Sürpriz bir şey değildi bizim için aslında, zaten istediğimiz ve beklediğimiz bir sonuçtu bu "iki çizgi". Ama işte ne kadar beklenen bir şey olsa da, gördüğün anda ne yapacağını, ne hissedeceğini, bu durumun gerçekliğini falan kavrayamıyormuşsun. Bir de tabii bizim bu duruma oldukça temkinli yaklaşmamız da bu kavrama ve kabullenme sürecini biraz uzattı. Sonuçta testin pozitif çıkması, orda gerçek bir bebek oluştuğunu garantilemiyordu.
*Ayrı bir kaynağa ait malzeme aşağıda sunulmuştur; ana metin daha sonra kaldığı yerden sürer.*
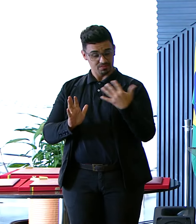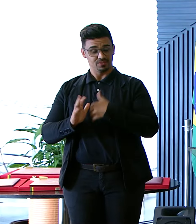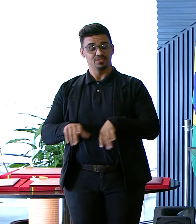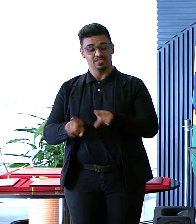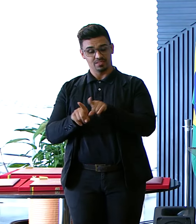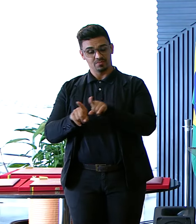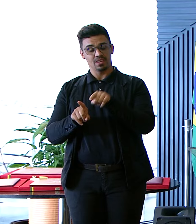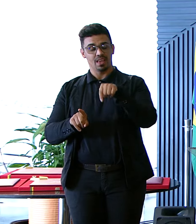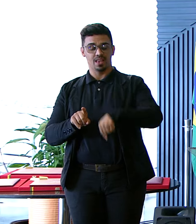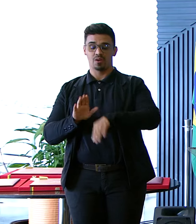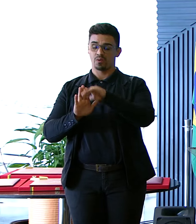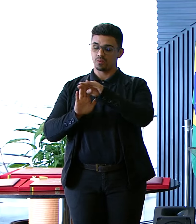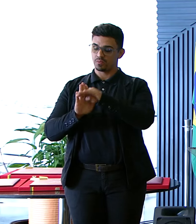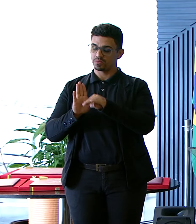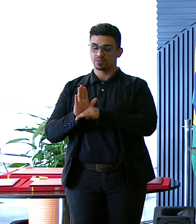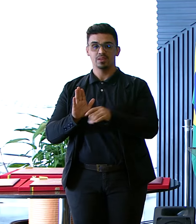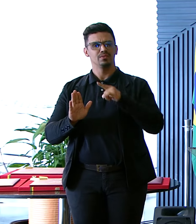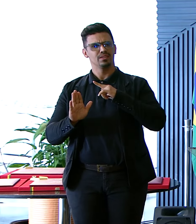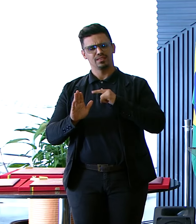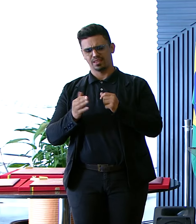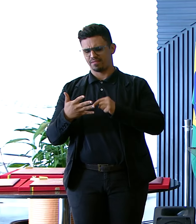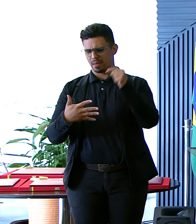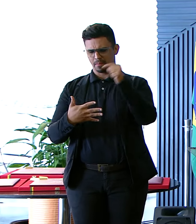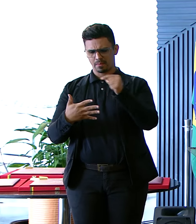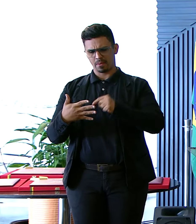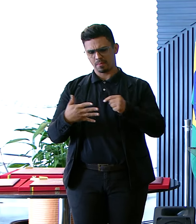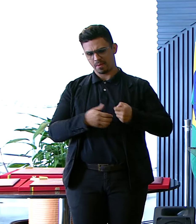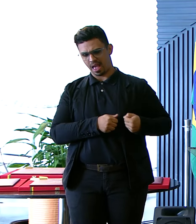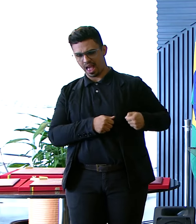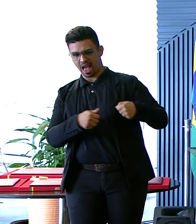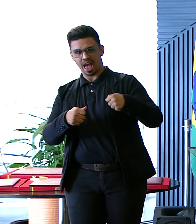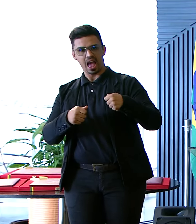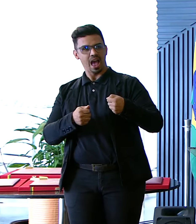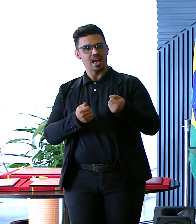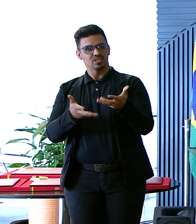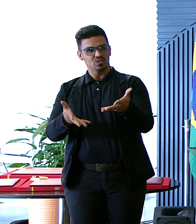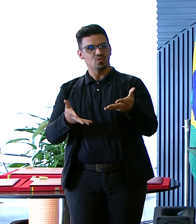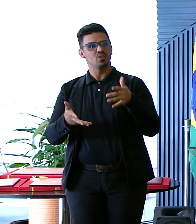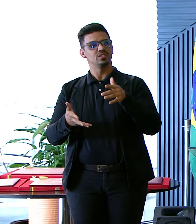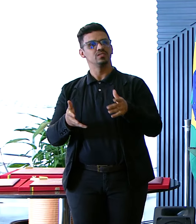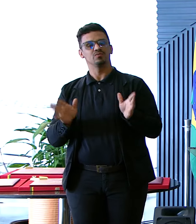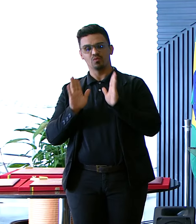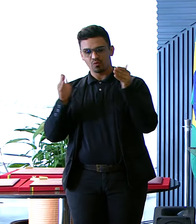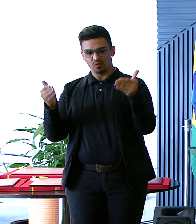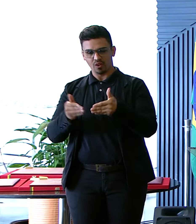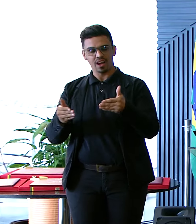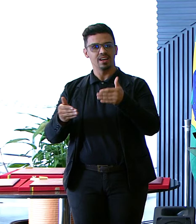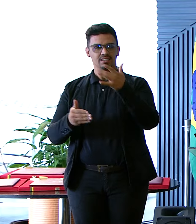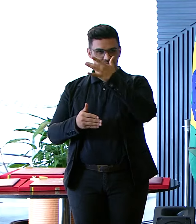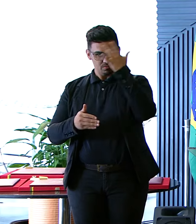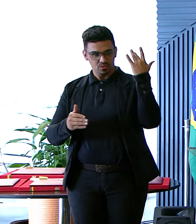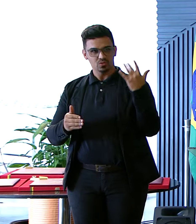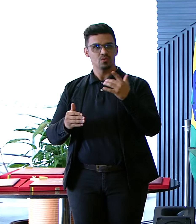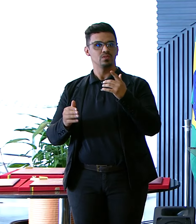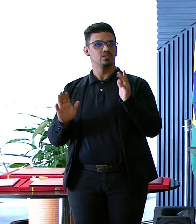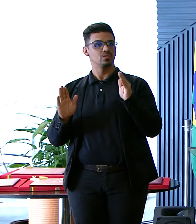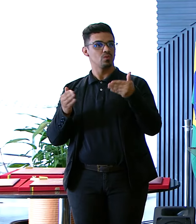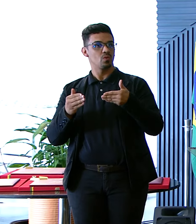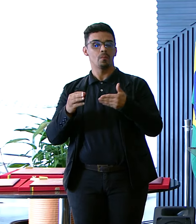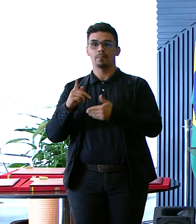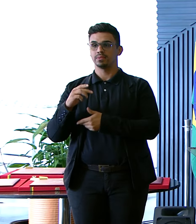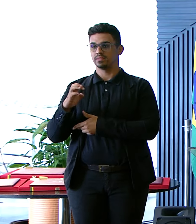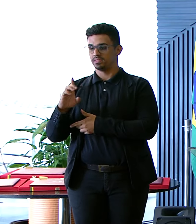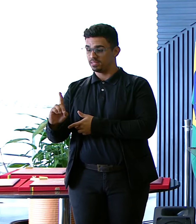O que trouxe Muitas ações Voltadas Às pessoas com deficiência E tudo aquilo Que é voltado À
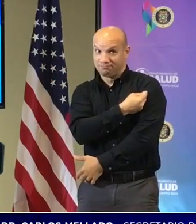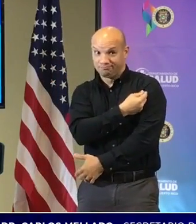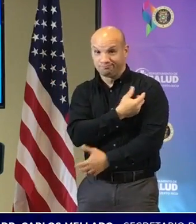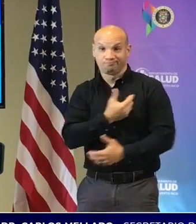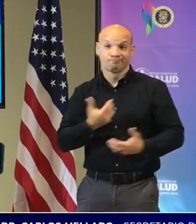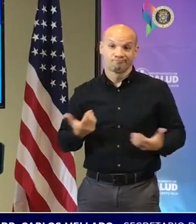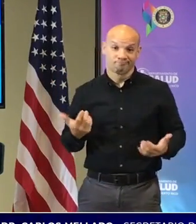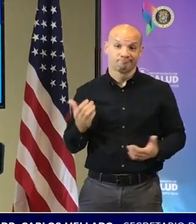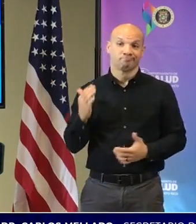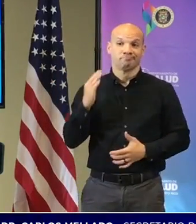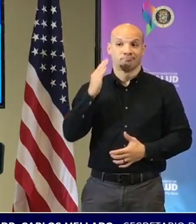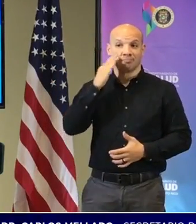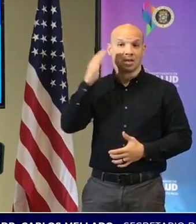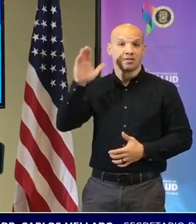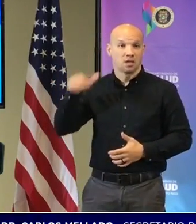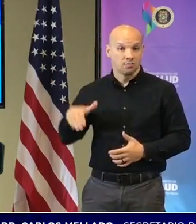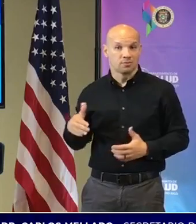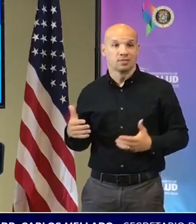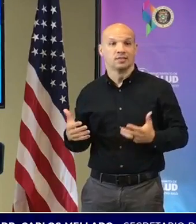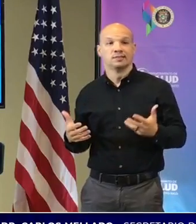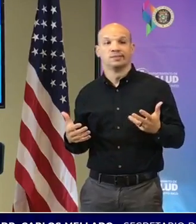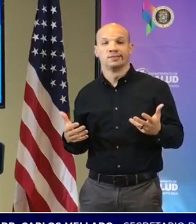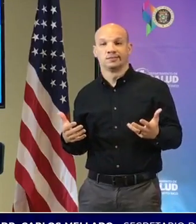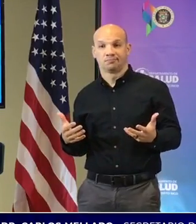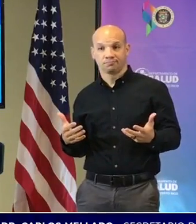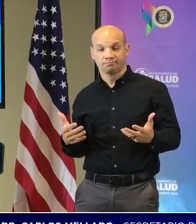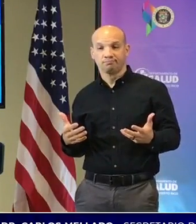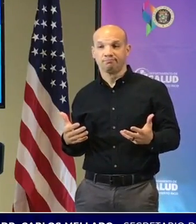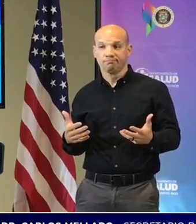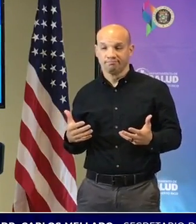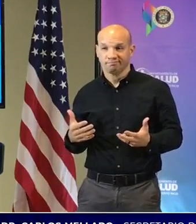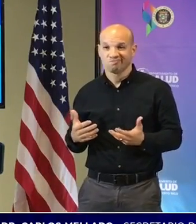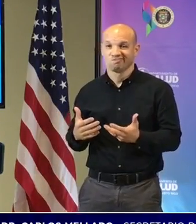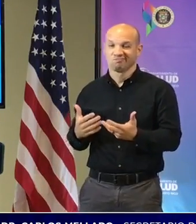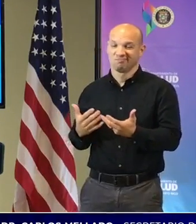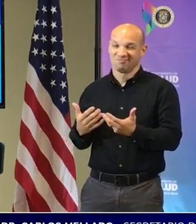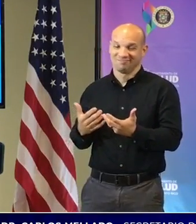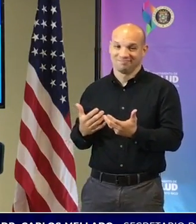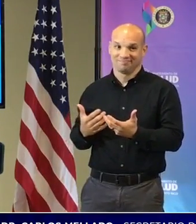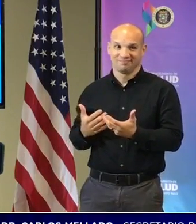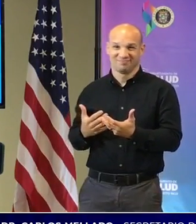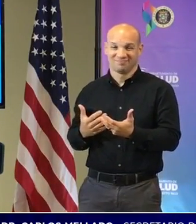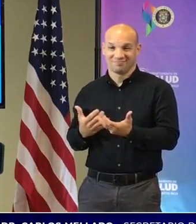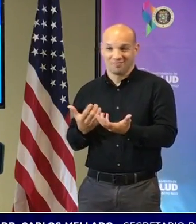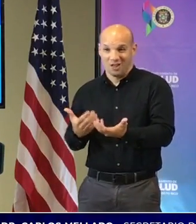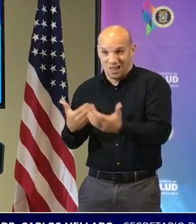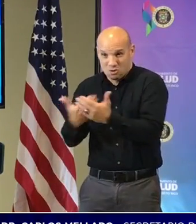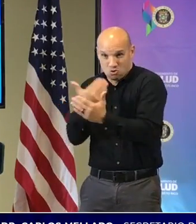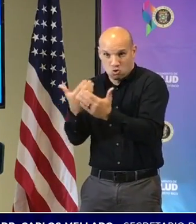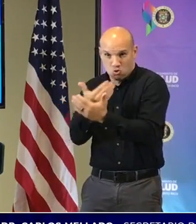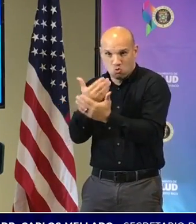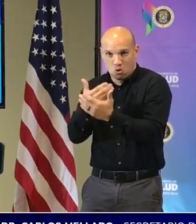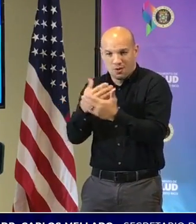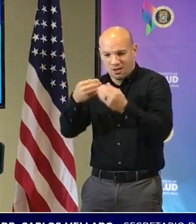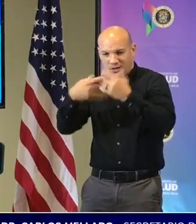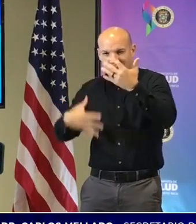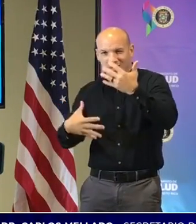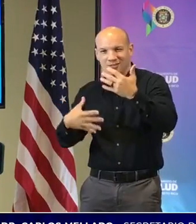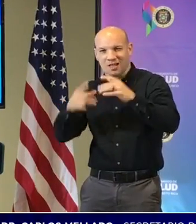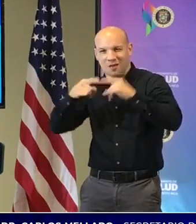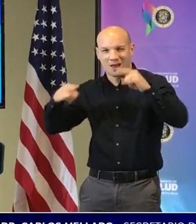que en todos lo que sea lo poco que se ha podido estudiar de esta nueva variante Omicron

Nitekim 7. haftada kalp atışını duyana kadar da kendimizi duygusal olarak frenledik diyebilirim.
Kalp atışı demişken, duyduğum ilk anda hissettiğim şey tam olarak hala gerçekliğine inanamamak oldu. Gerçi şu haftaya kadar ultrasona girip, kanlı canlı insan haline bürünmeye başlayan "bebeğim"i, hala gerçekten benimle aynı bedeni paylaşan biri olarak göremiyorum. Bir tekme, karnımda gerçek bir büyüme görene kadar da inanamayacağım sanırım :)
Evet bence, karnımda henüz gözle görülür bir değişim yok. Çünkü ben zaten normalde göbekli bir insanım. Normal zamanda bile o göbeğin şişkinlikten ne boyutlara geldiğini bildiğimden, onun hala göbek mi bebek mi olduğundan emin olamıyorum. Ama hala çok büyük bi kısmının göbek olduğundan eminim. Zavallı yavrucak, umarım içerde kendine yer bulabiliyordur :D
Bu arada şu ana kadar sadece 2 kilo almış olmam benim için bir mucize bence. "Umarım 15 kiloyu aşmam" şu anki tek temennim bu anlamda :)
İlk trimesterda(ilk 13 hafta) görünen klasik belirtilerin çoğunu yaşamadım. Yani mide bulantısı, baş dönmesi, aşerme ve bazı şeylerden tiksinti durumları olmadı bende. Bu yüzden kendimi şanslı kategorisine koyuyorum. Ama şu halsizlik ve sürekli uyuma isteği durumu ilk haftalarda resmen hayatımı zorlaştırdı. Serviste, evde, işte, dışarı çıktığımızda tek istediğim şey yatıp uyumaktan başka bir şey değildi. Neyse ki o günlere nazaran çok daha iyi durumdayım son zamanlarda. Ama kendimi yorunca hoooop yine uyku basıyor. Bu durum artık son bulsa çok iyi olur :)
Aşermedim dedim ki hakkaten canım hiç bir şey çekmedi. Hatta tatlı delisi olan ben, tatlıdan uzaklaştım. Her şeyi tahmin edebilirdim ama bunu cidden tahmin edemezdim. Yaz gelince her akşam dondurma yeme isteğiyle dolan ben, bu yaz o kadar az dondurma yedim ki hala inanamıyorum. Ayrıca neredeyse hafta 3-4 kez önünden geçtiğim ve bayıldığım cheseecakeciye de henüz uğramış değilim! Heralde şu süreçte başıma gelen en iyi şeylerden biri tatlıdan uzaklaşmam oldu :)
Yeme düzenimde aşırı bir değişim yok. Sadece et, balık yemeye daha çok dikkat ediyorum. Zararlı olacağını tahmin ettiğim şeylerden uzak duruyorum. Ama tabi haftada bir abur-cubura yönelebiliyorum. Mümkün olduğunca süt, yoğurt, kefir, meyve tüketmeye çalışıyorum. Hamileyim diye her şeye saldırmıyorum çok şükür :) Ara-sıra canım rakı ve şarap çekmiyor değil. Ama dayanılmayacak gibi olmuyor neyse ki.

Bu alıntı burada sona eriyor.